[Saved entries]
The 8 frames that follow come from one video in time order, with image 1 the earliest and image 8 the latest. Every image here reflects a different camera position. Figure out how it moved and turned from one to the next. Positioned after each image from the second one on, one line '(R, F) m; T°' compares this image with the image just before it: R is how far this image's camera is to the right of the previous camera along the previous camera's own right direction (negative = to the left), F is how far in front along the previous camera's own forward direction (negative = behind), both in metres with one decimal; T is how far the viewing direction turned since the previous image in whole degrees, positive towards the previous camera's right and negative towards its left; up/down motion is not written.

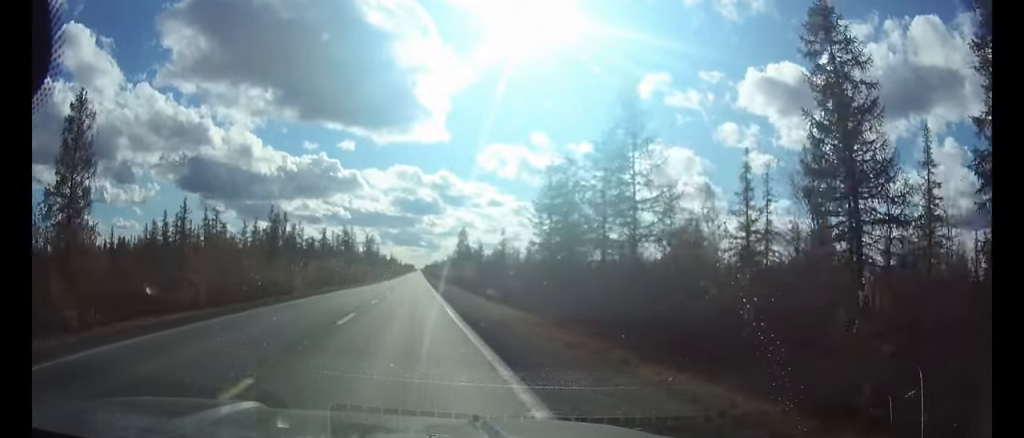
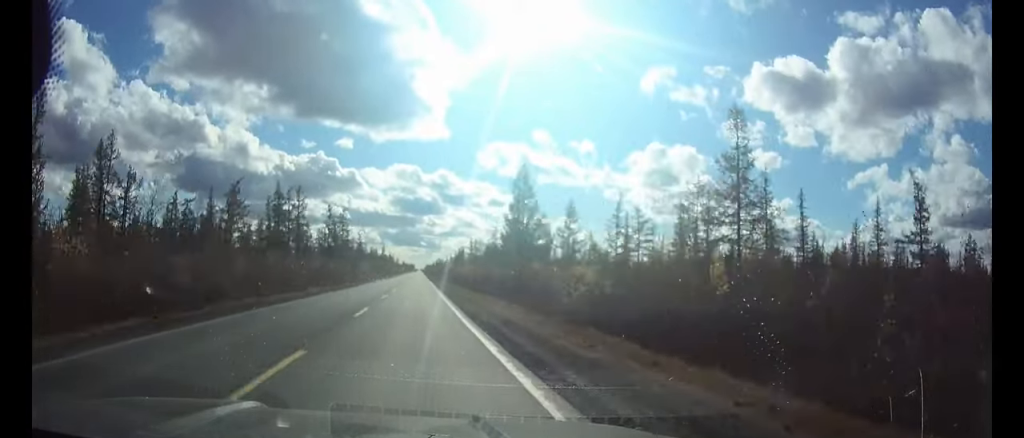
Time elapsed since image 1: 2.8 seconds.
(-0.1, +80.3) m; 0°
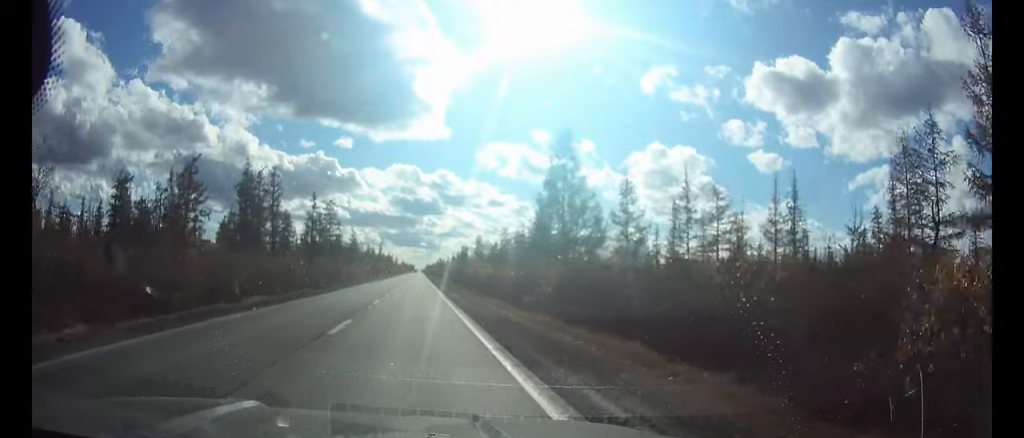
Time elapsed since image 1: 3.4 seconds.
(0.0, +16.6) m; 0°
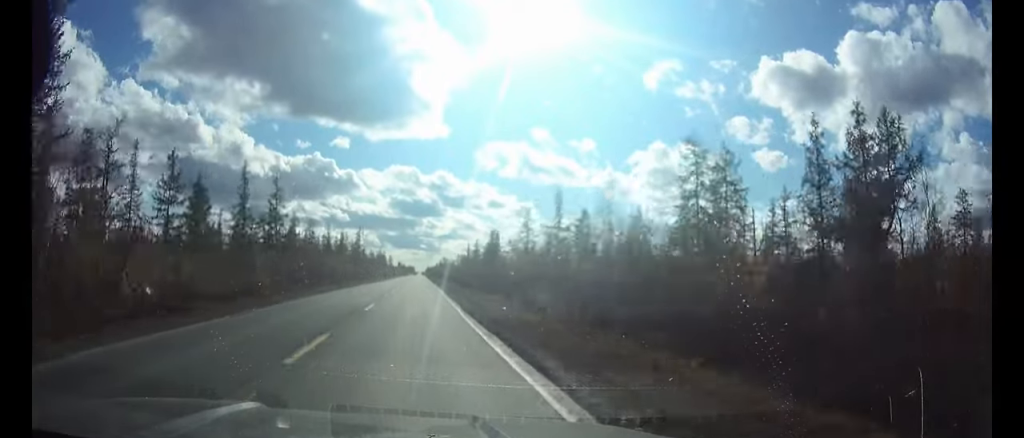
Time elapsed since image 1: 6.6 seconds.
(+0.1, +88.4) m; 0°
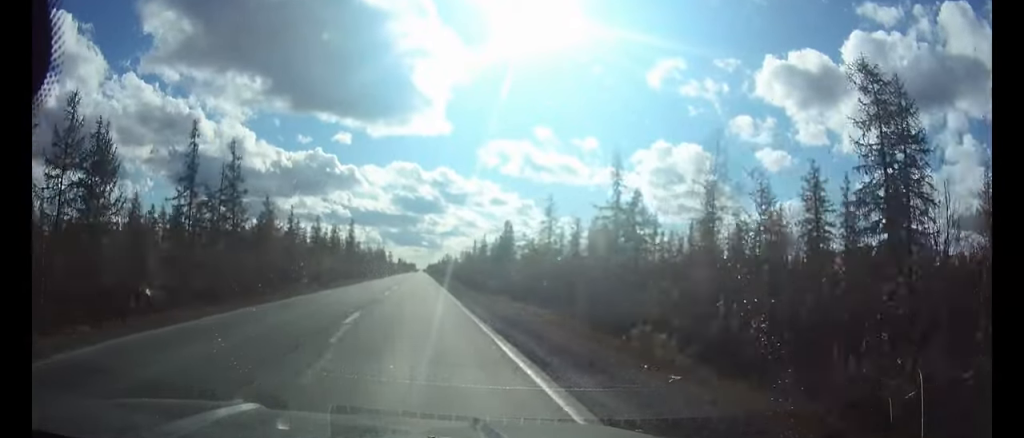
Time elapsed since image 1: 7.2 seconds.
(0.0, +18.2) m; 0°
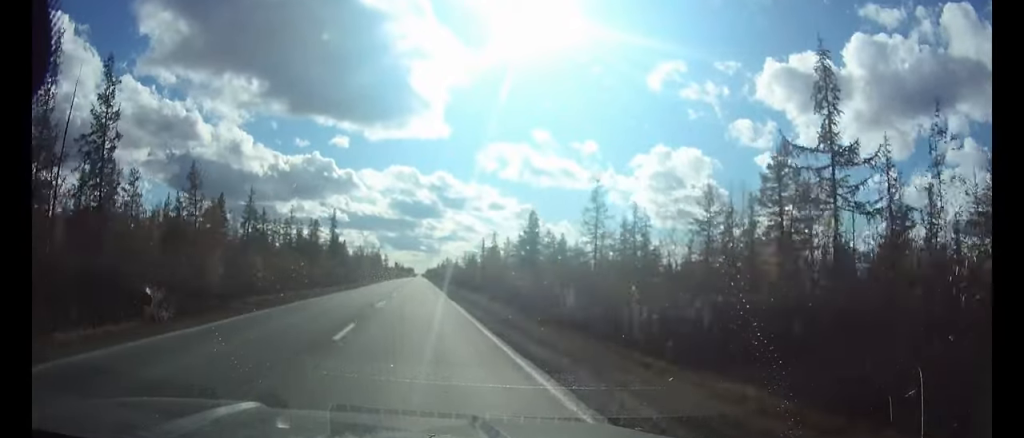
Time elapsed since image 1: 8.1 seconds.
(0.0, +25.7) m; 0°
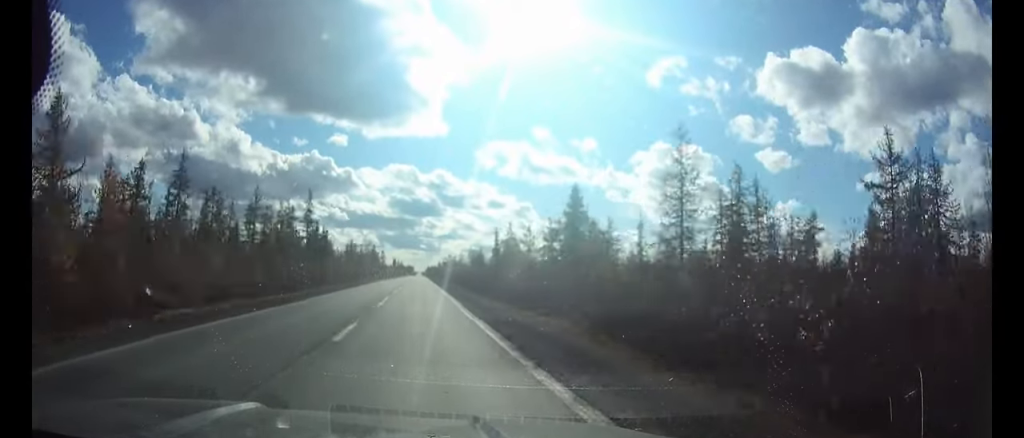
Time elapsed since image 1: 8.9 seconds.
(0.0, +23.0) m; 0°
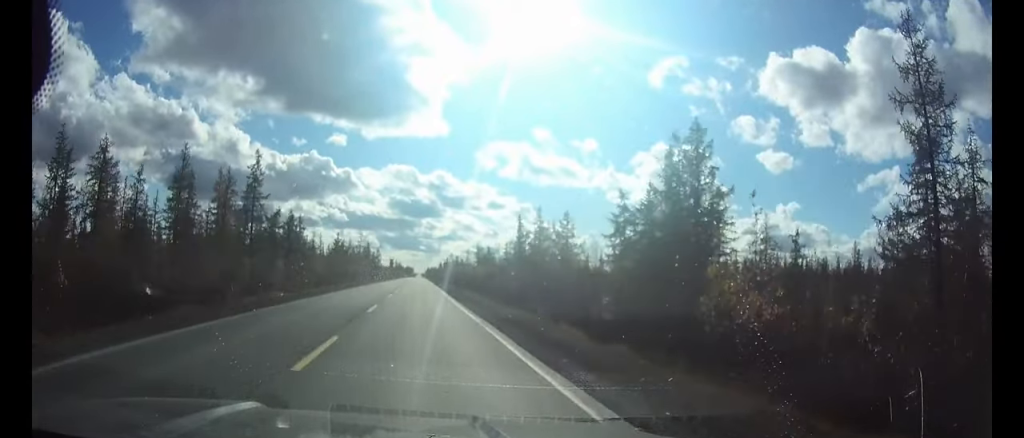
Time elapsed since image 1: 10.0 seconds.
(0.0, +28.6) m; 0°
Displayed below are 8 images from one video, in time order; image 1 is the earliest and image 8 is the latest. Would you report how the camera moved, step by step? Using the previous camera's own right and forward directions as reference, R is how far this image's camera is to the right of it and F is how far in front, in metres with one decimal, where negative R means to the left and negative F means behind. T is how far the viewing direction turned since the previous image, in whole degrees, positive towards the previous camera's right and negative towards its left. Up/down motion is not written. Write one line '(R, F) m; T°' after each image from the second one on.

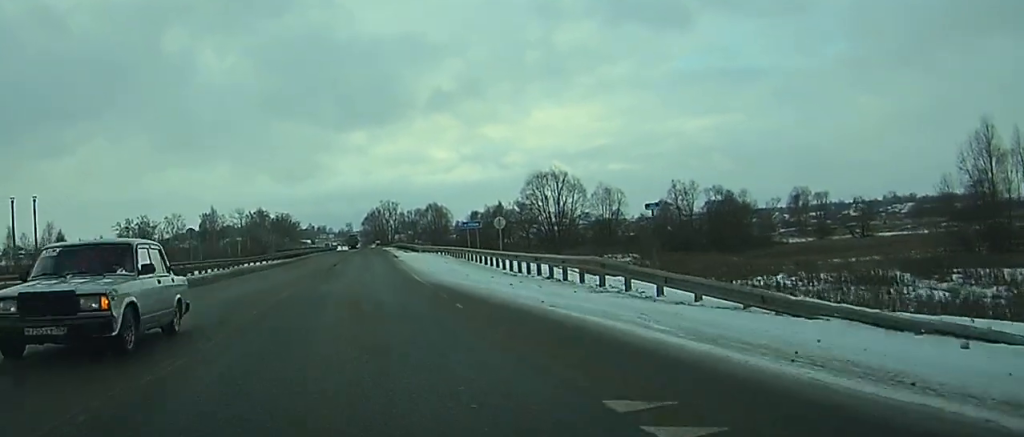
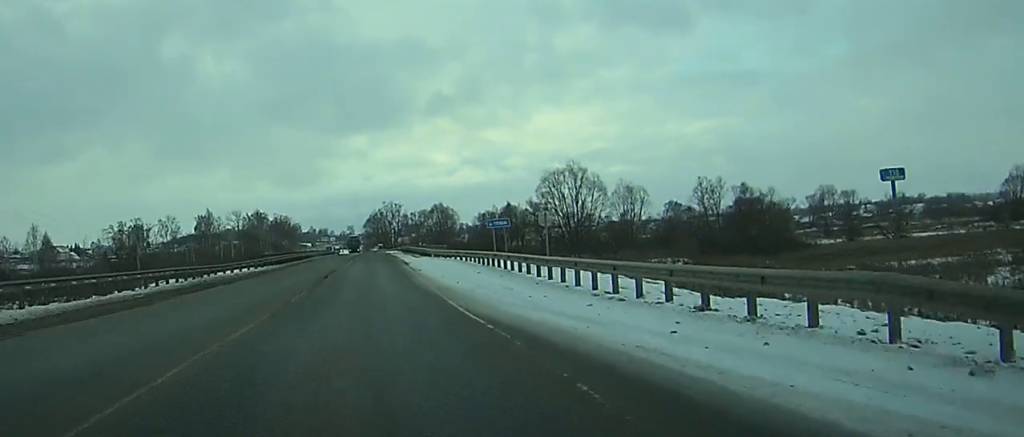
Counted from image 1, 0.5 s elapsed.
(+0.2, +12.7) m; +1°
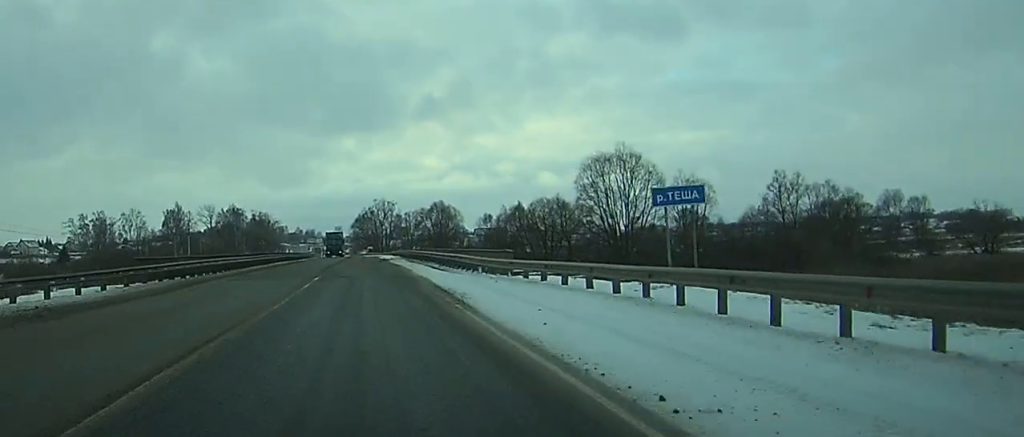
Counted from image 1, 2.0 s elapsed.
(+0.4, +34.0) m; +1°
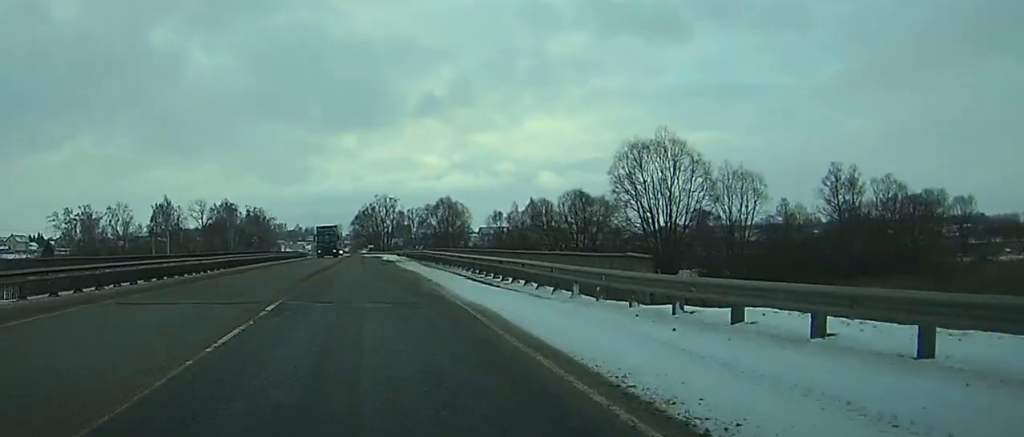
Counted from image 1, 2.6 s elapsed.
(0.0, +15.8) m; 0°
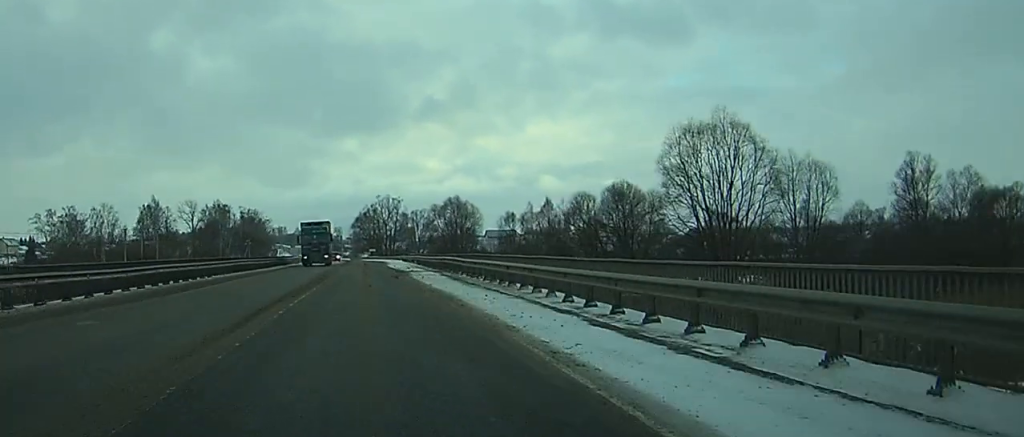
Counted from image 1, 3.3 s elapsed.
(0.0, +16.6) m; 0°
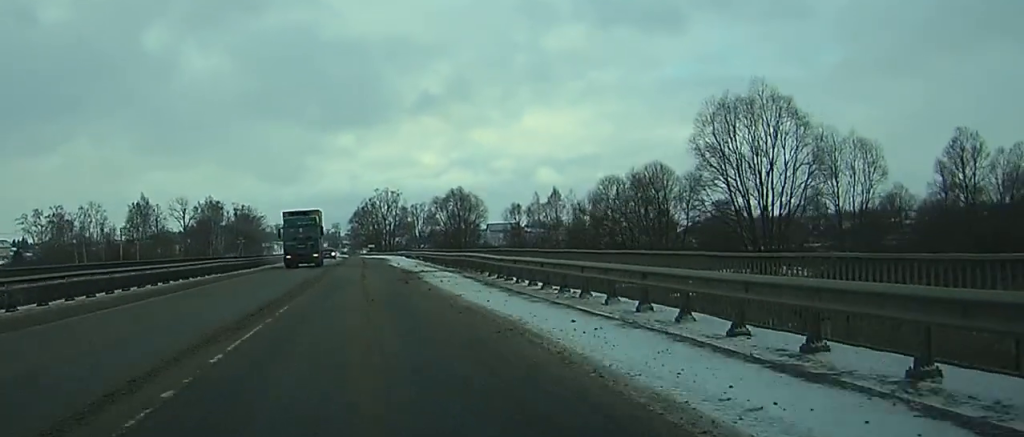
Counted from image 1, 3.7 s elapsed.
(0.0, +9.4) m; 0°
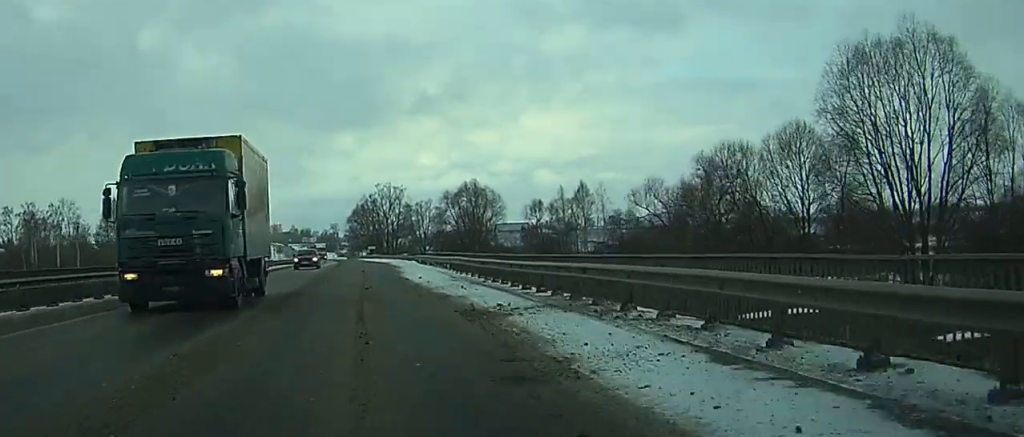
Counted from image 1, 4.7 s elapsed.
(0.0, +22.7) m; 0°
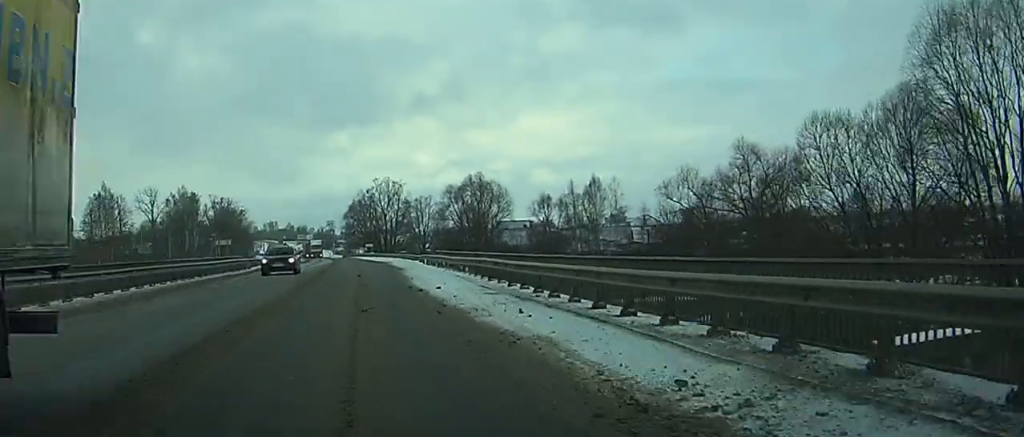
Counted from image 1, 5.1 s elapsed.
(0.0, +10.1) m; 0°

▸ Exercise description
Please output, exactly and with no pictures, only the lines from the one containing "Counted from image 1, 2.6 s elapsed." through the final line of the records above.

▸ Expected answer
Counted from image 1, 2.6 s elapsed.
(0.0, +15.8) m; 0°
Counted from image 1, 3.3 s elapsed.
(0.0, +16.6) m; 0°
Counted from image 1, 3.7 s elapsed.
(0.0, +9.4) m; 0°
Counted from image 1, 4.7 s elapsed.
(0.0, +22.7) m; 0°
Counted from image 1, 5.1 s elapsed.
(0.0, +10.1) m; 0°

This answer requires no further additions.